--- EXERCISE INPUTS ---
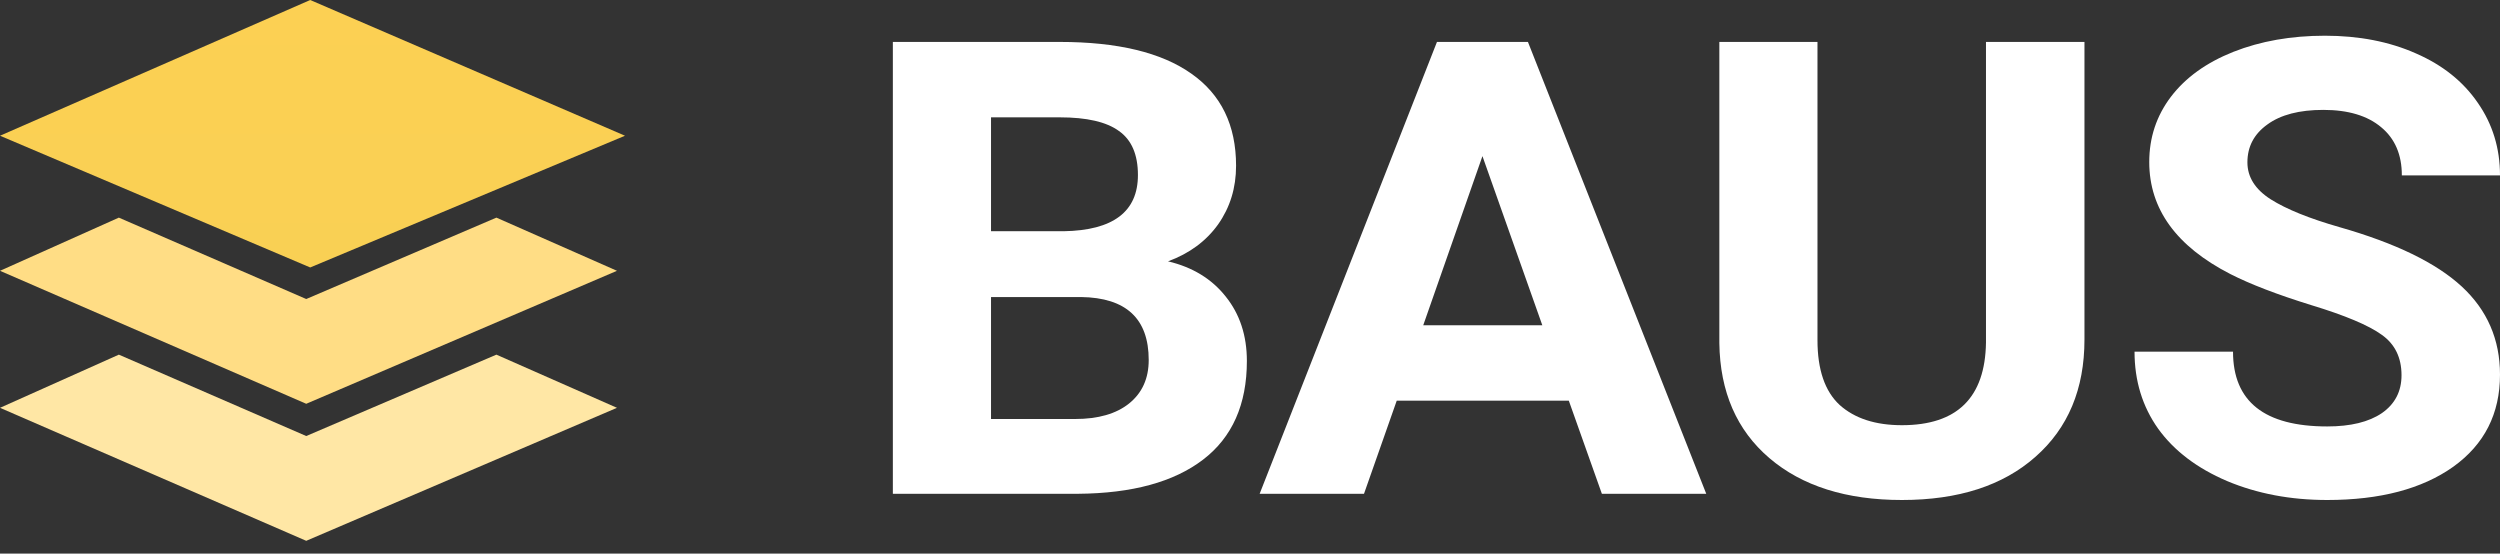 <svg width="140" height="31" viewBox="0 0 140 31" fill="none" xmlns="http://www.w3.org/2000/svg">
<rect x="0" y="0" width="140" height="31" fill="#333333" stroke="none"/>
<path d="M50 27.652V2.348H59.344C62.581 2.348 65.037 2.938 66.71 4.12C68.384 5.291 69.22 7.011 69.22 9.282C69.22 10.522 68.884 11.617 68.213 12.567C67.541 13.505 66.606 14.195 65.409 14.635C66.777 14.959 67.852 15.614 68.634 16.599C69.428 17.584 69.825 18.789 69.825 20.214C69.825 22.647 69.007 24.489 67.37 25.741C65.733 26.992 63.4 27.629 60.37 27.652H50ZM55.497 16.634V23.464H60.206C61.5 23.464 62.508 23.174 63.229 22.595C63.962 22.004 64.328 21.193 64.328 20.162C64.328 17.845 63.064 16.668 60.535 16.634H55.497ZM55.497 12.949H59.564C62.337 12.903 63.724 11.854 63.724 9.803C63.724 8.656 63.369 7.834 62.661 7.336C61.965 6.826 60.859 6.571 59.344 6.571H55.497V12.949Z" fill="white"/>
<path d="M87.854 22.439H78.217L76.384 27.652H70.54L80.47 2.348H85.564L95.55 27.652H89.705L87.854 22.439ZM79.701 18.215H86.37L83.017 8.743L79.701 18.215Z" fill="white"/>
<path d="M116.73 2.348V19.015C116.73 21.784 115.814 23.974 113.982 25.584C112.162 27.195 109.67 28 106.507 28C103.392 28 100.918 27.218 99.086 25.654C97.254 24.09 96.319 21.94 96.283 19.206V2.348H101.779V19.049C101.779 20.706 102.195 21.917 103.025 22.682C103.868 23.435 105.029 23.811 106.507 23.811C109.597 23.811 111.167 22.27 111.215 19.189V2.348H116.73Z" fill="white"/>
<path d="M134.485 21.013C134.485 20.029 134.118 19.275 133.386 18.754C132.653 18.221 131.333 17.665 129.428 17.086C127.522 16.495 126.014 15.915 124.902 15.348C121.873 13.795 120.358 11.704 120.358 9.074C120.358 7.706 120.761 6.49 121.568 5.424C122.386 4.346 123.553 3.506 125.067 2.904C126.594 2.301 128.304 2 130.197 2C132.103 2 133.801 2.33 135.291 2.991C136.781 3.639 137.936 4.561 138.754 5.754C139.585 6.947 140 8.303 140 9.821H134.503C134.503 8.662 134.118 7.764 133.349 7.127C132.579 6.478 131.498 6.154 130.106 6.154C128.762 6.154 127.718 6.426 126.973 6.971C126.228 7.504 125.855 8.21 125.855 9.091C125.855 9.914 126.289 10.603 127.156 11.159C128.035 11.715 129.324 12.237 131.022 12.723C134.149 13.615 136.427 14.722 137.856 16.043C139.285 17.364 140 19.009 140 20.979C140 23.168 139.127 24.889 137.38 26.14C135.633 27.38 133.282 28 130.326 28C128.274 28 126.405 27.647 124.719 26.94C123.033 26.221 121.745 25.242 120.853 24.003C119.974 22.763 119.534 21.326 119.534 19.692H125.049C125.049 22.485 126.808 23.881 130.326 23.881C131.633 23.881 132.653 23.632 133.386 23.134C134.118 22.624 134.485 21.917 134.485 21.013Z" fill="white"/>
<path d="M17.372 14.978L0 7.601L17.372 0L35 7.601L17.372 14.978Z" fill="url(#paint0_linear)"/>
<path fill-rule="evenodd" clip-rule="evenodd" d="M6.655 12.187L17.149 16.745L27.798 12.187L34.55 15.165L17.149 22.612L0 15.165L6.655 12.187Z" fill="#FFDD85"/>
<path fill-rule="evenodd" clip-rule="evenodd" d="M6.655 19.86L17.149 24.418L27.798 19.86L34.55 22.838L17.149 30.286L0 22.838L6.655 19.86Z" fill="#FFE7A5"/>
<defs>
<linearGradient id="paint0_linear" x1="17.5" y1="0" x2="17.5" y2="14.978" gradientUnits="userSpaceOnUse">
<stop stop-color="#FCD053"/>
<stop offset="1" stop-color="#F9D054"/>
</linearGradient>
</defs>
</svg>
---
WORK INSTRUCTIONS :: Every line in the material above that has the word "stop" should be copied.

RESPONSE ::
<stop stop-color="#FCD053"/>
<stop offset="1" stop-color="#F9D054"/>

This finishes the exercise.